No mundo do cinema atual, só há um realizador que fale tão rapida e apaixonadamente sobre a Sétima Arte como
Martin Scorsese. O seu nome é
Quentin Tarantino e, desde a sua estreia em
«Cães Danados» até ao mais recente
«Sacanas sem Lei», tornou-se um verdadeiro mito, o símbolo maior de uma cinefilia feita por via dos clubes de vídeo e de um profissionalismo que não precisou de passar pelas escolas de cinema.
«Pulp Fiction»,
«Jackie Brown», o díptico
«Kill Bill» e
«Grindhouse: À Prova de Morte» integram uma filmografia que tem gerado paixões, e que tem em
«Django Libertado» o seu mais recente fenómeno: um «western spaghetti» quem está a gerar polémica pela forma livre como aborda o tema da escravatura.

O nome de Django

«O protagonista chama-se Django, em primeiro lugar, porque é um nome muito «cool». Para mim, é o mais icónico de todos os nomes ligados ao «western-spaghetti», significa mais que a personagem que o
Franco Nero interpretou
no filme original.
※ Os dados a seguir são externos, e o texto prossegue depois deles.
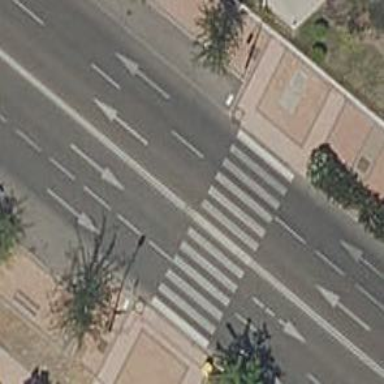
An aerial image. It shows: Marked road crossing with visible markings.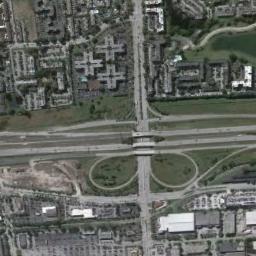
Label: overpass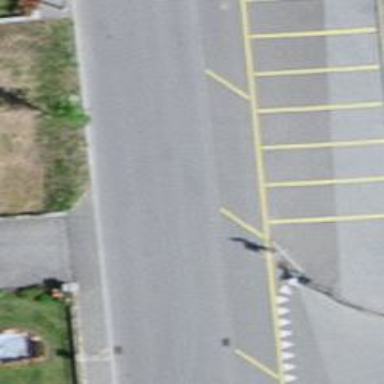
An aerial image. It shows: Bus stop along the road.
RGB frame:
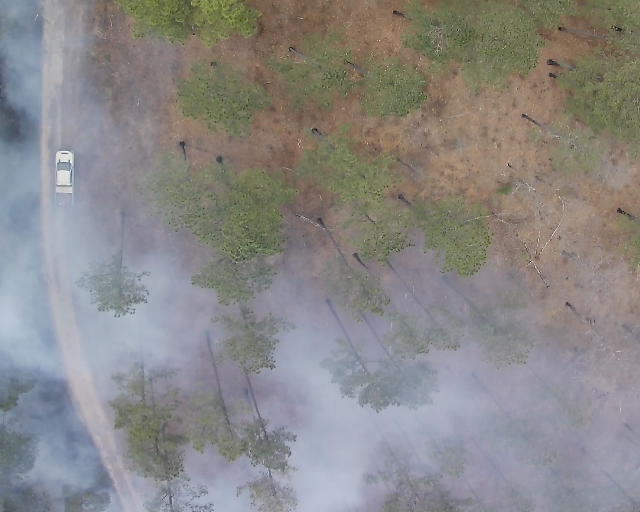
Thermal frame:
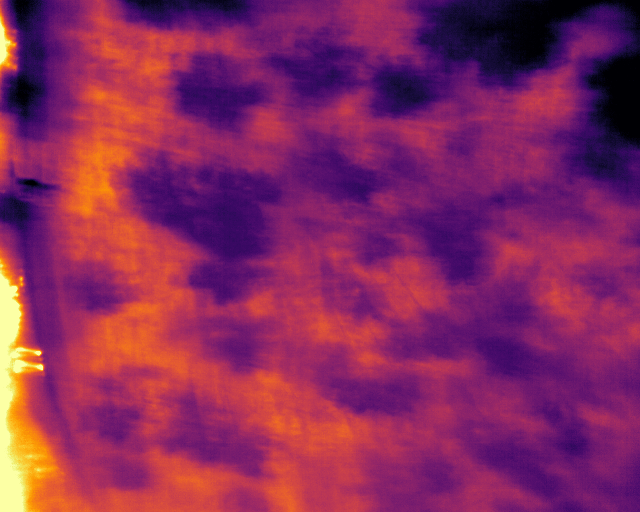
Captured: 2026-02-26 03:06:21
Pixels at or above 80 °C: 224 (fraction of frame: 0.0006836)

E acaba por ser também uma homenagem ao [realizador]
Sergio Corbucci, que estou muito contente por poder fazer. A verdade é que, depois da estreia do primeiro «Django», houve umas 40 sequelas não autorizadas ao longo dos anos, geralmente só usando o nome e mais nada. A quantidade foi tal que o nome acabou por se tornar um arquétipo do «western spaghetti». Por isso, apesar do meu filme ser um grande épico, fico muito orgulhoso por integrar a grande tradição dos filmes roubados ao «Django» que nada têm a ver com o original».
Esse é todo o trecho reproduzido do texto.